▶ **AIM OF THE TASK**:
What is needed is an exact copy of the records below, with the pictures left out.

▶ **AVAILABLE DATA**:

-----

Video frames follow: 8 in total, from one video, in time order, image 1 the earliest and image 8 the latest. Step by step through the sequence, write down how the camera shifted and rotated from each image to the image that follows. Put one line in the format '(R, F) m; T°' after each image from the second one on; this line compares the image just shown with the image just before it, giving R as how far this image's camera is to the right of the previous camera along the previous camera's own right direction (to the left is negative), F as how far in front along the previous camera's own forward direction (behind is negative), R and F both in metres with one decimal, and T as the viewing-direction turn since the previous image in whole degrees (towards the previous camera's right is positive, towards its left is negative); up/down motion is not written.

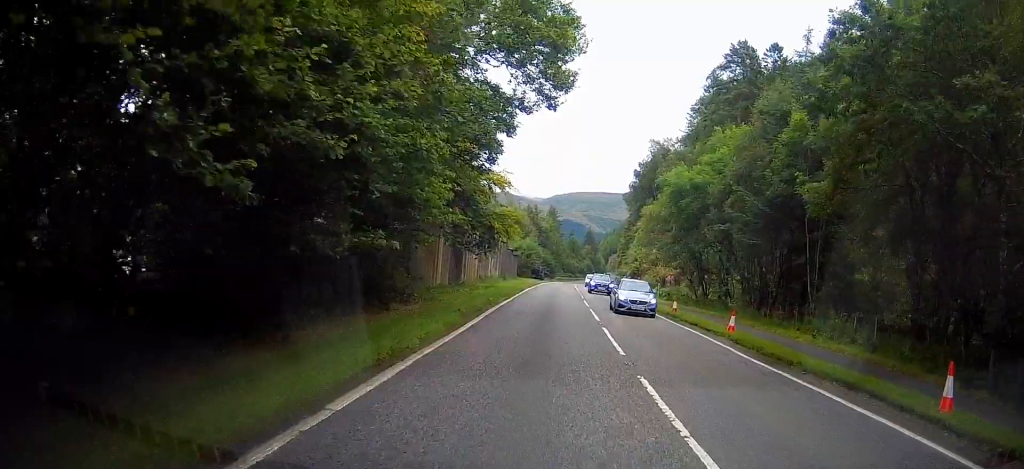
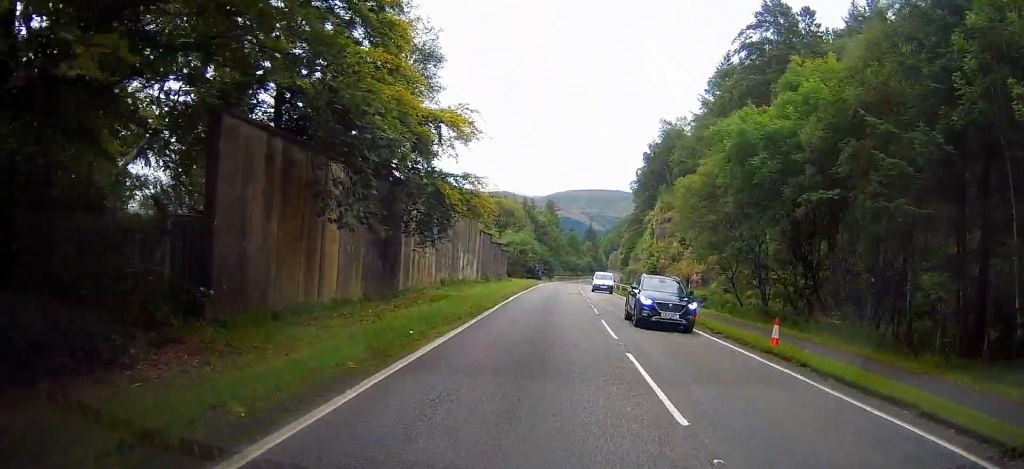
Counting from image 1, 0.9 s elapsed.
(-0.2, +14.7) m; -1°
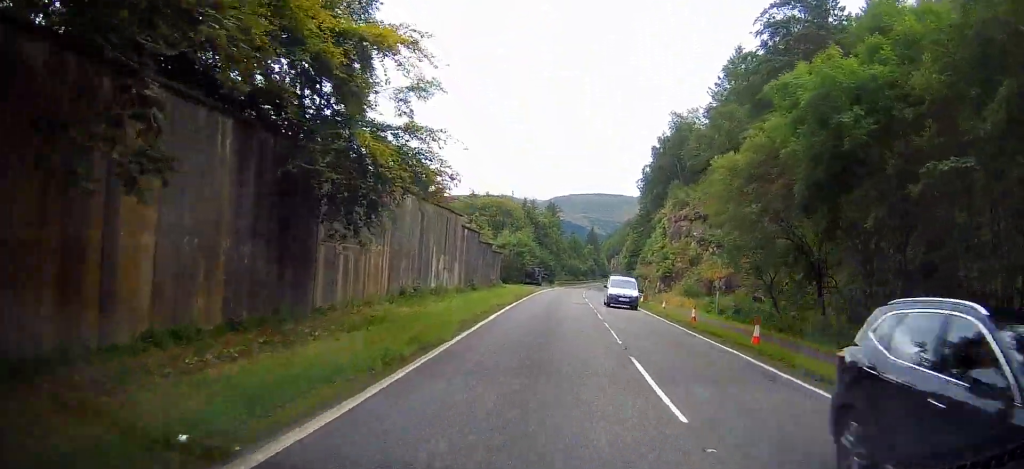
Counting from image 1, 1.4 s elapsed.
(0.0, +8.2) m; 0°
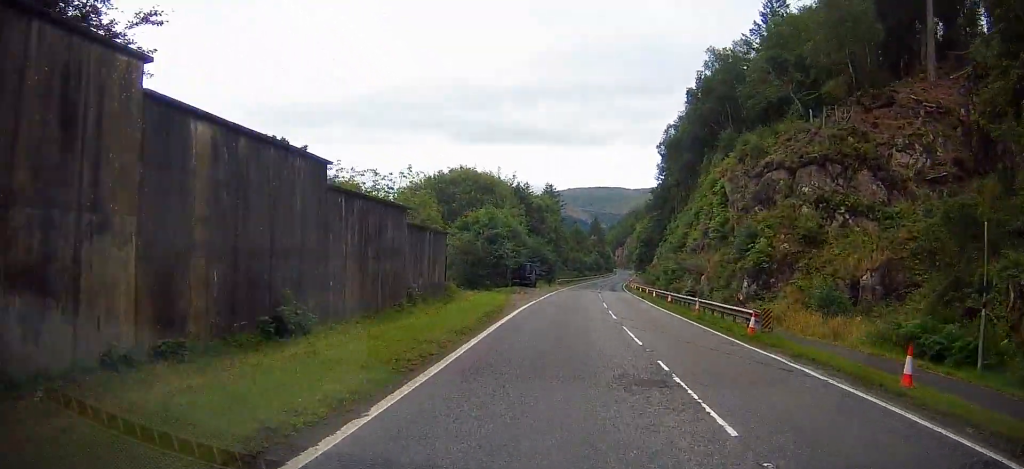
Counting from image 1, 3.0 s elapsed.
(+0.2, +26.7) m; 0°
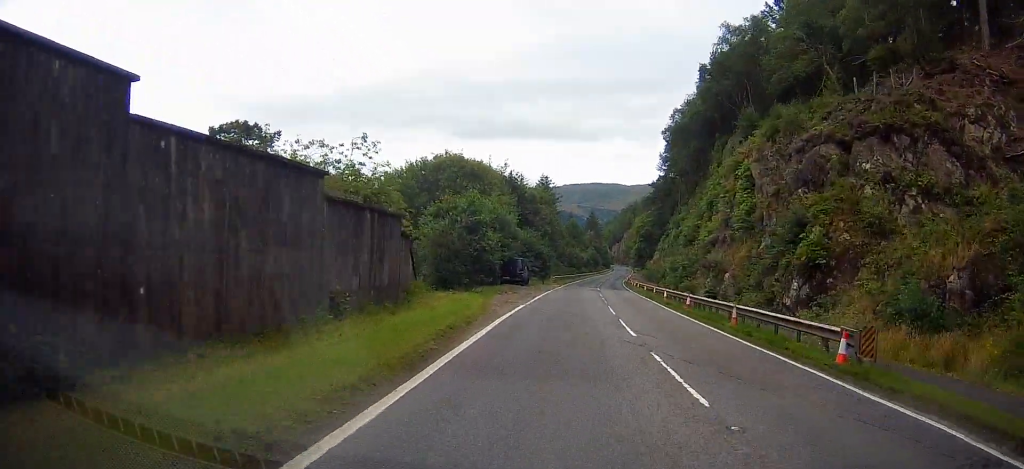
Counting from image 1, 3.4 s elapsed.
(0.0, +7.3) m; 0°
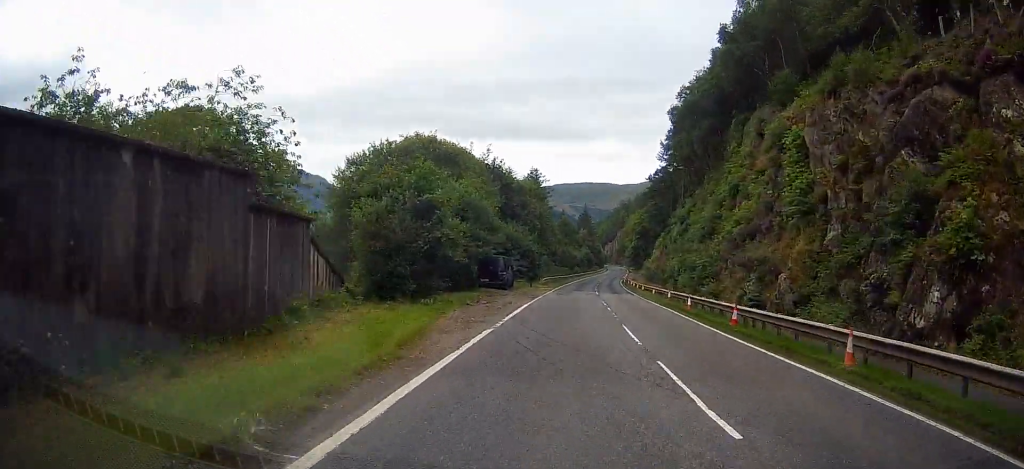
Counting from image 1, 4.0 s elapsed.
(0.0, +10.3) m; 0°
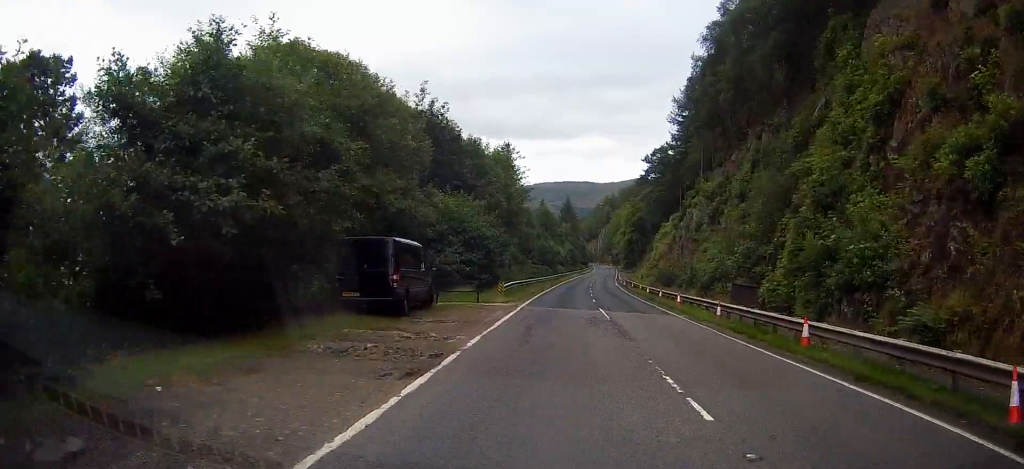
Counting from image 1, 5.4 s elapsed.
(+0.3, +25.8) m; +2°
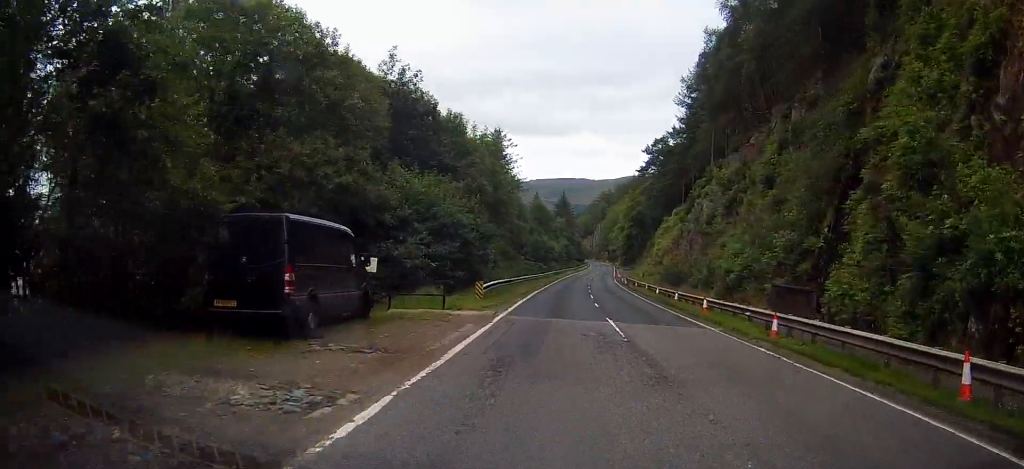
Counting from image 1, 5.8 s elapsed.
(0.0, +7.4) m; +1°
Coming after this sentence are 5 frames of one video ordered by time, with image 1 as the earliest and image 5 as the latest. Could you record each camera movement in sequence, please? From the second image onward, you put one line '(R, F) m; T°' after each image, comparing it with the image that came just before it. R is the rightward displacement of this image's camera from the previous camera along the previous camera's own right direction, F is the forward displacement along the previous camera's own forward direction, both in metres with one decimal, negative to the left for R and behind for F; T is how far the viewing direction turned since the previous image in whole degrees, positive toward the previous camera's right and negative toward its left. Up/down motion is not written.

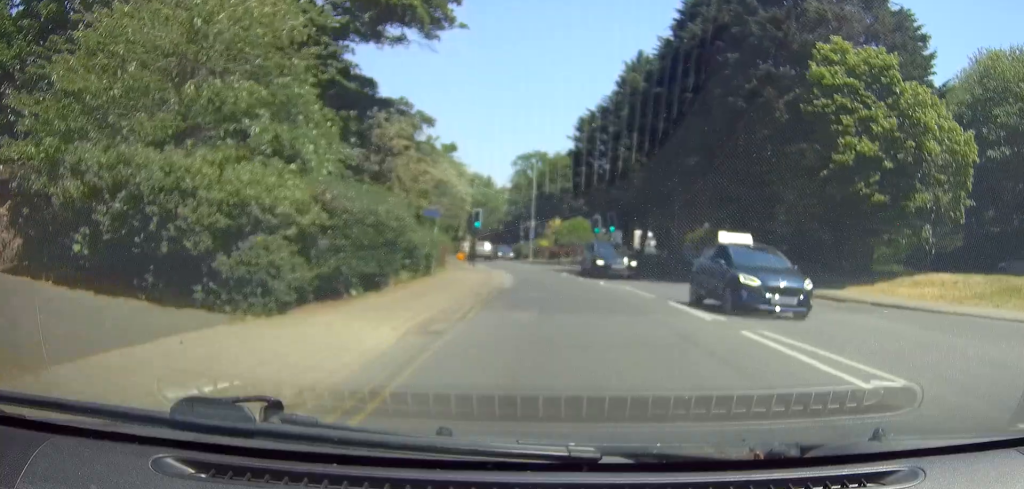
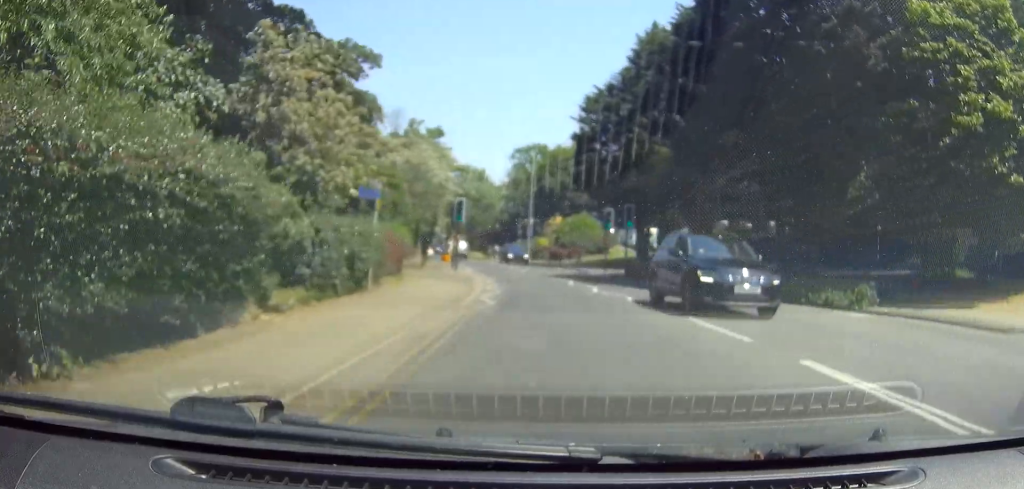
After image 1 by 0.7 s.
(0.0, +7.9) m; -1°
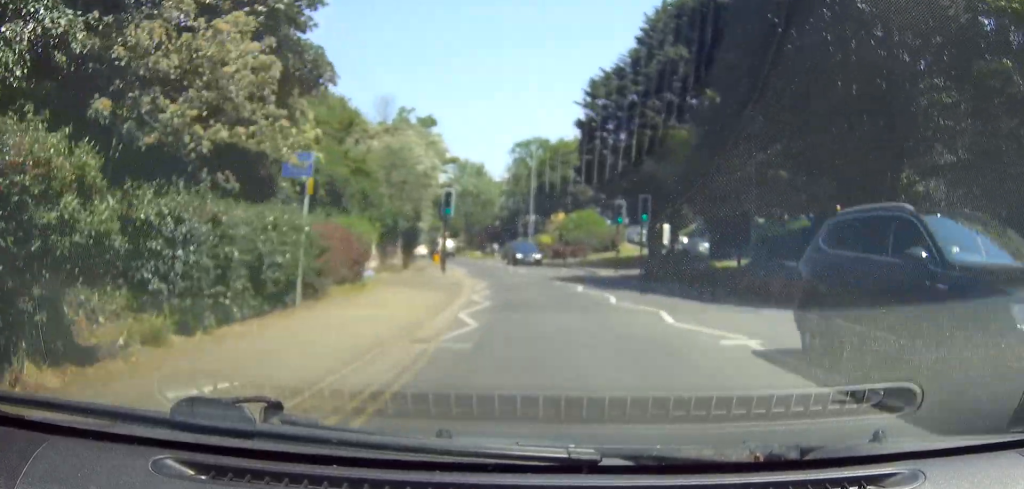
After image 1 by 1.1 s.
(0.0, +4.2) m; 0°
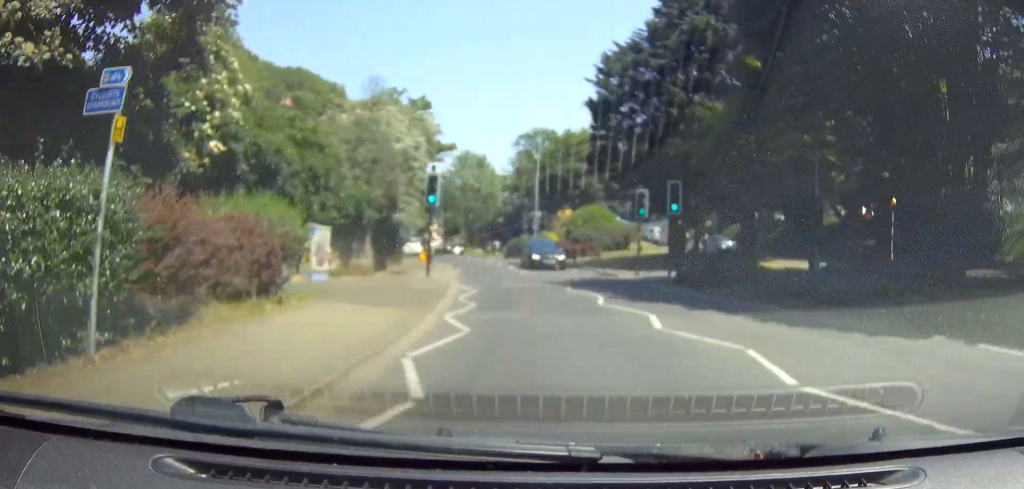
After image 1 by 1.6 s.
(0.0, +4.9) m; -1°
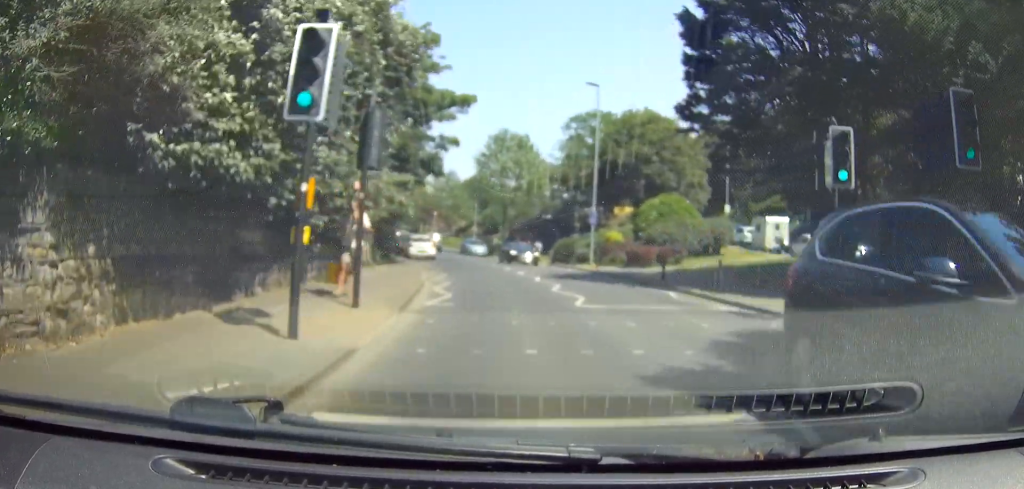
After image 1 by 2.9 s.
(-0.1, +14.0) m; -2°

-----

▶ **SOLVED EXERCISE**:
Video frames follow: 8 in total, from one video, in time order, image 1 the earliest and image 8 the latest. Step by step through the sequence, write down how the camera shifted and rotated from each image to the image that follows. Put one line in the format '(R, F) m; T°' after each image from the second one on; this line compares the image just shown with the image just before it, giving R as how far this image's camera is to the right of the previous camera along the previous camera's own right direction (to the left is negative), F as how far in front along the previous camera's own forward direction (behind is negative), R and F both in metres with one decimal, and T as the viewing-direction turn since the previous image in whole degrees (towards the previous camera's right is positive, towards its left is negative); up/down motion is not written.

Counting from image 1, 0.9 s elapsed.
(-0.2, +14.7) m; -1°
Counting from image 1, 1.4 s elapsed.
(0.0, +8.2) m; 0°
Counting from image 1, 3.0 s elapsed.
(+0.2, +26.7) m; 0°
Counting from image 1, 3.4 s elapsed.
(0.0, +7.3) m; 0°
Counting from image 1, 4.0 s elapsed.
(0.0, +10.3) m; 0°
Counting from image 1, 5.4 s elapsed.
(+0.3, +25.8) m; +2°
Counting from image 1, 5.8 s elapsed.
(0.0, +7.4) m; +1°
Coming after this sentence are 5 frames of one video ordered by time, with image 1 as the earliest and image 5 as the latest. Could you record each camera movement in sequence, please? From the second image onward, you put one line '(R, F) m; T°' after each image, comparing it with the image that came just before it. R is the rightward displacement of this image's camera from the previous camera along the previous camera's own right direction, F is the forward displacement along the previous camera's own forward direction, both in metres with one decimal, negative to the left for R and behind for F; T is how far the viewing direction turned since the previous image in whole degrees, positive toward the previous camera's right and negative toward its left. Up/down motion is not written.

After image 1 by 0.7 s.
(0.0, +7.9) m; -1°
After image 1 by 1.1 s.
(0.0, +4.2) m; 0°
After image 1 by 1.6 s.
(0.0, +4.9) m; -1°
After image 1 by 2.9 s.
(-0.1, +14.0) m; -2°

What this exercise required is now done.